L’art d’emmerder tout le monde
Je ne sais pas si Simon-Pierre Beaudet vous dit quelque chose. Il a tenu trois blogues de 2003 à 2016, La conspiration dépressionniste, 1924 et Fuck le monde. Certains de ses textes ont aussi frappé de plein fouet leurs cibles: la quétainerie, l’imbécillité, l’insignifiance, la surconsommation, le nombrilisme, l’embourgeoisement des quartiers, et j’en passe. Si j’étais encore éditeur, je me serais battu pour le publier. Parce que je me considérais, moi aussi, marginal par rapport à mes collègues éditeurs. D’ailleurs, la maison d’édition qui le publie, Moult, se targue «d’instaurer un rapport de désolidarisation entre elle et le milieu littéraire» et elle a déjà pris ses distances avec Nouveau Projet, la Peuplade ou le Quartenier, trois lieux d’édition à la mode.
Il faudra aux lecteurs un moral à toute épreuve pour traverser cette trentaine de textes, chroniques, coups de gueule, essais. Il faudra être capable d’en prendre, avoir un bon sens de l’autodérision, une capacité à se remettre en question dans ses habitudes de vie et ses croyances. Car Beaudet nous met joyeusement le nez dans nos travers. Prenez ce texte qui ouvre le recueil, Désillumi
nations - Une visite chez Wal-Mart . Pour quelqu’un qui n’a jamais mis les pieds dans ce genre de méga magasin, avec ses 10 kilomètres carrés de surface et son stationnement gigantesque, le choc dépressif est extrême. J’apprends que les vacanciers en Winnebago, plutôt que de se retrouver en pleine nature, viennent camper dans le parking du Walmart et qu’ils peuvent même prendre une douche à l’intérieur du magasin, puis qu’ils iront déjeuner dans un McDo ou un Burger King.

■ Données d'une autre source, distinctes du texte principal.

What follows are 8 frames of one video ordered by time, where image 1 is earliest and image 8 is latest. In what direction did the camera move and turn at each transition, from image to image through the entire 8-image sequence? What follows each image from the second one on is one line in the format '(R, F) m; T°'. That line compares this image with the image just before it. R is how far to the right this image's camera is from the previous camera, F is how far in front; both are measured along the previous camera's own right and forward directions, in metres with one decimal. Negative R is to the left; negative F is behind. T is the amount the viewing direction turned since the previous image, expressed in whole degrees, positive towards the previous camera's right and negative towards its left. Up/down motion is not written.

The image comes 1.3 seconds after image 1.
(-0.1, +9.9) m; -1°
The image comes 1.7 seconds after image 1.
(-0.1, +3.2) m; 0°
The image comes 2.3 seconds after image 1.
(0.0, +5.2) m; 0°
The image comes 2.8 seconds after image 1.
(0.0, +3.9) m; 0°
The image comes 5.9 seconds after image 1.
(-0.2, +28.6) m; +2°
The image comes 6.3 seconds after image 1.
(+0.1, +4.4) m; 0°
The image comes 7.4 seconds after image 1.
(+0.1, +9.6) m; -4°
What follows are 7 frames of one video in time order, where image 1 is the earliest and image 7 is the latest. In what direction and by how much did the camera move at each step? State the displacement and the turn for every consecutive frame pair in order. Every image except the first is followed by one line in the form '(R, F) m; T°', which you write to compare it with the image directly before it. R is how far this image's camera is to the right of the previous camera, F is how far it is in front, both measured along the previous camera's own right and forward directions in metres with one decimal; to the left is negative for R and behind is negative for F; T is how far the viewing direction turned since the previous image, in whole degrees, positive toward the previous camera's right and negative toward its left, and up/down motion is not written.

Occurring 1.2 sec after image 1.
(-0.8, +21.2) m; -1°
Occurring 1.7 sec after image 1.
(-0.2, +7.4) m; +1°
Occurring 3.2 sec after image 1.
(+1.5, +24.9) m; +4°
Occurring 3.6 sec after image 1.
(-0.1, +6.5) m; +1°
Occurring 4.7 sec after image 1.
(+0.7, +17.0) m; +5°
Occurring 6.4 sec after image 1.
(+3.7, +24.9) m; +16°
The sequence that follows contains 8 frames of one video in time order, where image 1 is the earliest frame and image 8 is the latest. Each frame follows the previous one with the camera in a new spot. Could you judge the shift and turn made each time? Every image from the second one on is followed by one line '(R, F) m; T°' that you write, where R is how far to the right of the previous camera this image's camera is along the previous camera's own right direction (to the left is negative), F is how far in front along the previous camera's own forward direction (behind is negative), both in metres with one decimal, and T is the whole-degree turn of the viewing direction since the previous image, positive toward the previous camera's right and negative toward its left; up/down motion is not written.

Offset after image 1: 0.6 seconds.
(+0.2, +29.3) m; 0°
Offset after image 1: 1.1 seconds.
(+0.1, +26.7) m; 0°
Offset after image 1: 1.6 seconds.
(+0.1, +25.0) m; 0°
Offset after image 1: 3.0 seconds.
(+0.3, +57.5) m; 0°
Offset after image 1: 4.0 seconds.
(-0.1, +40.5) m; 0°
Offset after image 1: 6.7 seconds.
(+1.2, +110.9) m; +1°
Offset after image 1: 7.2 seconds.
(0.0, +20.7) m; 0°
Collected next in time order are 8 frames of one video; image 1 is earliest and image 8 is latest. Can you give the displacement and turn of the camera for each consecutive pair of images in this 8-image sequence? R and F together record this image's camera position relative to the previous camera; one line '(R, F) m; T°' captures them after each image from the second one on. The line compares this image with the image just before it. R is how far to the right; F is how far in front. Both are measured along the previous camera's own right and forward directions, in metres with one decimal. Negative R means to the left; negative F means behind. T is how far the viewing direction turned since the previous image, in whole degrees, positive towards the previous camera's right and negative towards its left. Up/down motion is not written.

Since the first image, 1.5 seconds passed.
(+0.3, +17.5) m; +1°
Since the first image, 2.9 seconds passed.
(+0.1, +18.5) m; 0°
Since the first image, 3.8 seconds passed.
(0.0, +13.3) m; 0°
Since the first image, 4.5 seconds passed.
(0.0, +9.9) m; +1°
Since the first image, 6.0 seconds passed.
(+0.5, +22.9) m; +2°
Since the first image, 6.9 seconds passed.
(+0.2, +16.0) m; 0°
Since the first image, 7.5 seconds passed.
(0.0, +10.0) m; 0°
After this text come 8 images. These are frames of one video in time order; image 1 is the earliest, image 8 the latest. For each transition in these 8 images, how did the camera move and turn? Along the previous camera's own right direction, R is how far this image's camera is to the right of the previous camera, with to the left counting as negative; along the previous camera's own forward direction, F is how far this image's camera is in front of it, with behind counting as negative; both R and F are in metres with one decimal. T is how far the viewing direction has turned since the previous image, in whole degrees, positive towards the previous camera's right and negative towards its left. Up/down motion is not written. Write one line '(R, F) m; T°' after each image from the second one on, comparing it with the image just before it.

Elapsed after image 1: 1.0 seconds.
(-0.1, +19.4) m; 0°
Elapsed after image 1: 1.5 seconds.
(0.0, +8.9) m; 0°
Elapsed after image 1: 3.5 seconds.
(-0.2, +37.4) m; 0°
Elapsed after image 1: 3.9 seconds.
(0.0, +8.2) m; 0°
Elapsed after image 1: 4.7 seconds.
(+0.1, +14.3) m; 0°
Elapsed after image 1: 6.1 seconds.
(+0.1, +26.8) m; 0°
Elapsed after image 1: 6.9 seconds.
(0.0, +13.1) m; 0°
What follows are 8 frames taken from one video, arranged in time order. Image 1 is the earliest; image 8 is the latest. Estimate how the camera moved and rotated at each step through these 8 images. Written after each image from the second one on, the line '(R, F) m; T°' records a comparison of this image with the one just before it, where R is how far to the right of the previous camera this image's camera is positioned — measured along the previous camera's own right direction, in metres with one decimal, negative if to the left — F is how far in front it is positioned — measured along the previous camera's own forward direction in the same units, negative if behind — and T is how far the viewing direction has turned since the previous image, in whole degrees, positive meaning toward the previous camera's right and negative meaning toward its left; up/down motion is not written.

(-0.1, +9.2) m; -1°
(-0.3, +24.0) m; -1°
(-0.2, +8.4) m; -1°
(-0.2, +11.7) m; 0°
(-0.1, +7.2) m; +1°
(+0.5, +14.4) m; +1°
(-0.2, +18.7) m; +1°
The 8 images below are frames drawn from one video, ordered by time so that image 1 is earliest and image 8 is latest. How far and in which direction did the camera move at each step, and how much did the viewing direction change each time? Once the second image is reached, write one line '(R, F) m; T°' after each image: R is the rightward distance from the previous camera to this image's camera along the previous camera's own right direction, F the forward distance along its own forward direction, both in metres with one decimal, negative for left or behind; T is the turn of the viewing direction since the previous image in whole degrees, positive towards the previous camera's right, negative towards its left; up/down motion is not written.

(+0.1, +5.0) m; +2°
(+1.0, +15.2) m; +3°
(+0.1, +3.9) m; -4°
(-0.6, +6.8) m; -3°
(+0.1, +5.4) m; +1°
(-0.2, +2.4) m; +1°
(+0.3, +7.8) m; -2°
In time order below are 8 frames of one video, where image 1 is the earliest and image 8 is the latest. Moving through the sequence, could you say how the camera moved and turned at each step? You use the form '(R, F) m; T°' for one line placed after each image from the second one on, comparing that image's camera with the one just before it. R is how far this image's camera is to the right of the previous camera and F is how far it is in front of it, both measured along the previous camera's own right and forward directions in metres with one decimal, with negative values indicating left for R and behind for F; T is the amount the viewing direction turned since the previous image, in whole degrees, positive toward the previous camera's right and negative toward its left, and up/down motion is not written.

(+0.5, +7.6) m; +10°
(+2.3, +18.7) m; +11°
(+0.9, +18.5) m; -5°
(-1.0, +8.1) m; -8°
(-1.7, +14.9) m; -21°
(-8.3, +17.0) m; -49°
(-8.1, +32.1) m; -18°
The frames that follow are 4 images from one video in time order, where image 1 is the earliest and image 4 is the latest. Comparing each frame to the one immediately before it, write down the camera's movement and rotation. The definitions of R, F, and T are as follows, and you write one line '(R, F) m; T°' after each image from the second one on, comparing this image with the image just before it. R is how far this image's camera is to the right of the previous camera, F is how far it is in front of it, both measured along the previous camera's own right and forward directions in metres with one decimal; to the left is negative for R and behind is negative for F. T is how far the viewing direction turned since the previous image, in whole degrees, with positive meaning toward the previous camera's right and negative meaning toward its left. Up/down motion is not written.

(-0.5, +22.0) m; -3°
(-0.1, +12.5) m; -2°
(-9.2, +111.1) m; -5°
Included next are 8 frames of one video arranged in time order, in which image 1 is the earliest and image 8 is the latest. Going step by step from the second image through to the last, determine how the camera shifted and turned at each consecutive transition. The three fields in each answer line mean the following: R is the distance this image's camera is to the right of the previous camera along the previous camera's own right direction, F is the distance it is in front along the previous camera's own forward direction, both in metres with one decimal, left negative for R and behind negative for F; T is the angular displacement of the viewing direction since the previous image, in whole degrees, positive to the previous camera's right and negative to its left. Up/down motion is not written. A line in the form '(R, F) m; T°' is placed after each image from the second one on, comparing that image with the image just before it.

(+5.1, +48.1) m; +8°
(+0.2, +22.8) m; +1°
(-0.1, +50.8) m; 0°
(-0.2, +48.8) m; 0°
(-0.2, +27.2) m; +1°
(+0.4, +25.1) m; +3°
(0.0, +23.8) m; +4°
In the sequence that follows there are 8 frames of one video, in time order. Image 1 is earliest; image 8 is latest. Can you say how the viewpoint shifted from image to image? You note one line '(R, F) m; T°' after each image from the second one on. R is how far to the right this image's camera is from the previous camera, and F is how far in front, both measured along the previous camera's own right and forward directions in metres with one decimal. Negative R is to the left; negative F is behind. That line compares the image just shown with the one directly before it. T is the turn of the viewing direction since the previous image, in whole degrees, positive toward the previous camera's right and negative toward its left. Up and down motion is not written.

Je vous avais prévenu, ce n’est pas une lecture joyeuse, typique des lectures de vacances, et la découverte de cette réalité insoupçonnée m’a profondément déprimé.
CARICATURAL ?
Bien sûr, parfois c’est gros et caricatural, comme dans cette chronique sur le débat autour de la charte. Un professeur de cégep, un peu caricatural, parfois simpliste, parfois brillant, banalise le port du voile chez les femmes musulmanes. «Je m’en câlisse, ok…» Un peu simple comme analyse.
Parfois, c’est cruel, comme dans le texte sur le Canada. L’auteur raconte que son rêve du pays québécois s’est effondré lorsque Jacques Parizeau a prononcé ces paroles à propos des votes ethniques, lors du deuxième référendum, en 1995. Ses amis accourent pour lui dire que Parizeau a accusé les immigrants de l’échec référendaire. Ce n’est pas exactement ce qu’il a dit, mais la perception est demeurée. «Je sais maintenant ce qu’il a dit ou ce qu’il a voulu dire, mais je me souviendrai toujours de la manière dont mes amis l’ont interprété et mon enfance politique s’est ainsi brutalement terminée. […] Le Québec n’est pas un pays, et ne le sera jamais. Le Canada non plus, quoi qu’on en dise.» Triste constat, qui relève un peu de la démission facile. José Marti, l’apôtre de la lutte d’indépendance à Cuba, ne disait-il pas: «Ceux qui n’ont pas l’honneur de se sacrifier pour la patrie devraient au moins avoir le courage de se taire devant ceux qui le font.» Ceci dit, cette chronique est aussi des plus jouissives.
L’auteur sera peut-être surpris de lire cette recension de son livre, somme toute positive, dans un journal qu’il a voué aux gémonies. Il dira sans doute «Fuck Lanctôt».